How to balance leadership and friendship in the workplace

Photo: Oli Scarff/ Getty Images.

People have often suggested to not be friends with your team members. I think the opposite of that is true – I want to be absolute best friends with my staff. I want to be closer to my people than anybody.

Relationships are built primarily on honesty, which includes being able to have hard conversations, as well as direct and forthright communication. I walk into our entrepreneur development centre in Ultimo, and my whole heart, my whole body feels like it is home. That’s how culture should be.
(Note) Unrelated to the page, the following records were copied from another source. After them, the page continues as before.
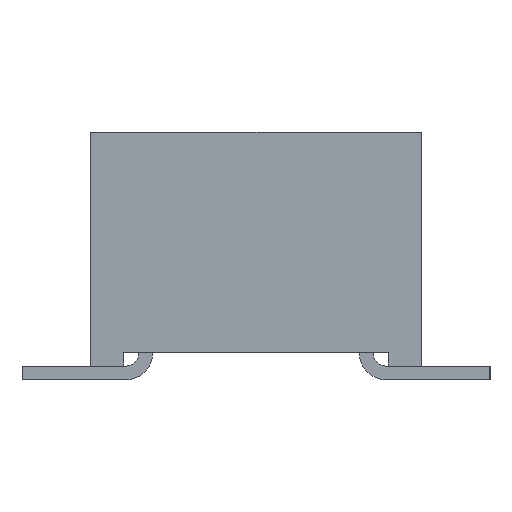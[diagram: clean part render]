
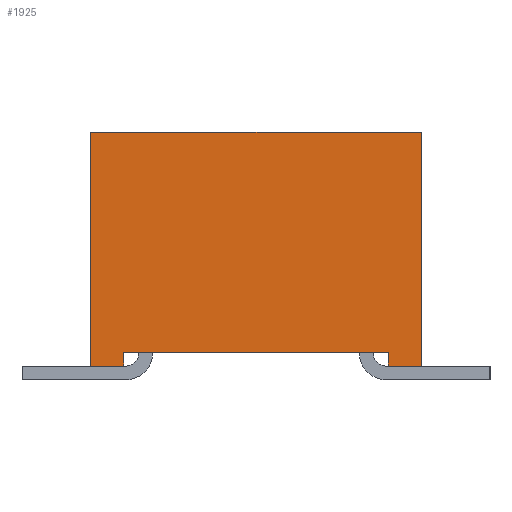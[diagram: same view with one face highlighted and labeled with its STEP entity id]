
A CAD part, left-side view. The second image highlights one B-rep face of the part: STEP entity #1925.
In plain terms, the highlighted planar face has unit normal (-1, 0, 0).
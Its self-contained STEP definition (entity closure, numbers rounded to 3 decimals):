
#1925 = ADVANCED_FACE('',(#1926),#1992,.F.);
#1926 = FACE_BOUND('',#1927,.T.);
#1927 = EDGE_LOOP('',(#1928,#1938,#1946,#1954,#1962,#1970,#1978,#1986));
#1928 = ORIENTED_EDGE('',*,*,#1929,.T.);
#1929 = EDGE_CURVE('',#1930,#1932,#1934,.T.);
#1930 = VERTEX_POINT('',#1931);
#1931 = CARTESIAN_POINT('',(-4.661,-1.219,0.277));
#1932 = VERTEX_POINT('',#1933);
#1933 = CARTESIAN_POINT('',(-4.661,-1.219,0.15));
#1934 = LINE('',#1935,#1936);
#1935 = CARTESIAN_POINT('',(-4.661,-1.219,0.277));
#1936 = VECTOR('',#1937,1.);
#1937 = DIRECTION('',(0.,0.,-1.));
#1938 = ORIENTED_EDGE('',*,*,#1939,.T.);
#1939 = EDGE_CURVE('',#1932,#1940,#1942,.T.);
#1940 = VERTEX_POINT('',#1941);
#1941 = CARTESIAN_POINT('',(-4.661,-1.524,0.15));
#1942 = LINE('',#1943,#1944);
#1943 = CARTESIAN_POINT('',(-4.661,1.524,0.15));
#1944 = VECTOR('',#1945,1.);
#1945 = DIRECTION('',(0.,-1.,0.));
#1946 = ORIENTED_EDGE('',*,*,#1947,.F.);
#1947 = EDGE_CURVE('',#1948,#1940,#1950,.T.);
#1948 = VERTEX_POINT('',#1949);
#1949 = CARTESIAN_POINT('',(-4.661,-1.524,2.309));
#1950 = LINE('',#1951,#1952);
#1951 = CARTESIAN_POINT('',(-4.661,-1.524,2.309));
#1952 = VECTOR('',#1953,1.);
#1953 = DIRECTION('',(0.,0.,-1.));
#1954 = ORIENTED_EDGE('',*,*,#1955,.F.);
#1955 = EDGE_CURVE('',#1956,#1948,#1958,.T.);
#1956 = VERTEX_POINT('',#1957);
#1957 = CARTESIAN_POINT('',(-4.661,1.524,2.309));
#1958 = LINE('',#1959,#1960);
#1959 = CARTESIAN_POINT('',(-4.661,1.524,2.309));
#1960 = VECTOR('',#1961,1.);
#1961 = DIRECTION('',(0.,-1.,0.));
#1962 = ORIENTED_EDGE('',*,*,#1963,.T.);
#1963 = EDGE_CURVE('',#1956,#1964,#1966,.T.);
#1964 = VERTEX_POINT('',#1965);
#1965 = CARTESIAN_POINT('',(-4.661,1.524,0.15));
#1966 = LINE('',#1967,#1968);
#1967 = CARTESIAN_POINT('',(-4.661,1.524,2.309));
#1968 = VECTOR('',#1969,1.);
#1969 = DIRECTION('',(0.,0.,-1.));
#1970 = ORIENTED_EDGE('',*,*,#1971,.T.);
#1971 = EDGE_CURVE('',#1964,#1972,#1974,.T.);
#1972 = VERTEX_POINT('',#1973);
#1973 = CARTESIAN_POINT('',(-4.661,1.219,0.15));
#1974 = LINE('',#1975,#1976);
#1975 = CARTESIAN_POINT('',(-4.661,1.524,0.15));
#1976 = VECTOR('',#1977,1.);
#1977 = DIRECTION('',(0.,-1.,0.));
#1978 = ORIENTED_EDGE('',*,*,#1979,.T.);
#1979 = EDGE_CURVE('',#1972,#1980,#1982,.T.);
#1980 = VERTEX_POINT('',#1981);
#1981 = CARTESIAN_POINT('',(-4.661,1.219,0.277));
#1982 = LINE('',#1983,#1984);
#1983 = CARTESIAN_POINT('',(-4.661,1.219,0.023));
#1984 = VECTOR('',#1985,1.);
#1985 = DIRECTION('',(0.,0.,1.));
#1986 = ORIENTED_EDGE('',*,*,#1987,.T.);
#1987 = EDGE_CURVE('',#1980,#1930,#1988,.T.);
#1988 = LINE('',#1989,#1990);
#1989 = CARTESIAN_POINT('',(-4.661,1.219,0.277));
#1990 = VECTOR('',#1991,1.);
#1991 = DIRECTION('',(0.,-1.,0.));
#1992 = PLANE('',#1993);
#1993 = AXIS2_PLACEMENT_3D('',#1994,#1995,#1996);
#1994 = CARTESIAN_POINT('',(-4.661,1.524,2.309));
#1995 = DIRECTION('',(1.,0.,0.));
#1996 = DIRECTION('',(0.,1.,0.));

Prior to going into business with anybody – particularly people that you already have an existing relationship with – all parties need to have an extremely high level of emotional intelligence. They need to understand who they are – their strengths and weaknesses. They need to understand how to communicate effectively and how to give and receive feedback. Most importantly, they need to do all of that in a very objective way.

When it comes to doing business with someone you know, there needs to be a level of maturity and sophistication to be able to separate a professional discussion and a personal discussion. It is important to understand the dynamics of those two discussions are going to be very different.

If you haven’t yet, but are considering going into business with your friends, you both need to have a conversation pre-getting into the relationship where you establish some principles. You need to discuss how you like to receive feedback and set up expectations. If your level of work isn’t completely aligned to the standards of the joint business, how would you love to have that conversation, and if you want to give feedback what’s the best way to be able to do that?

My team understand that when I come and have a conversation around expectations, or when I come and I have a conversation around any feedback, that is the highest sign of respect and compassion that I can show. I tell them that would be easy for me to not to talk directly with them, particularly when there’s other managers in the business. It’s easier for me to go through the different lines of communication. But often I’ll go direct to a person because I truly care for that person, so they know that anytime I going to them personally, they see that as a demonstration of my respect and my care for their growth and their development.

Be close with your people but understand you need to be the leader, you need to be the person they believe you are and always hold true to that. Everybody needs to understand that business, progress, change and growth requires hard conversations all the time- that’s part and parcel with the journey that we’ve chosen and that is not something that should be shied away from, that should be something that’s embraced and seen for what it is. It is a demonstration of respect and an investment into the relationship.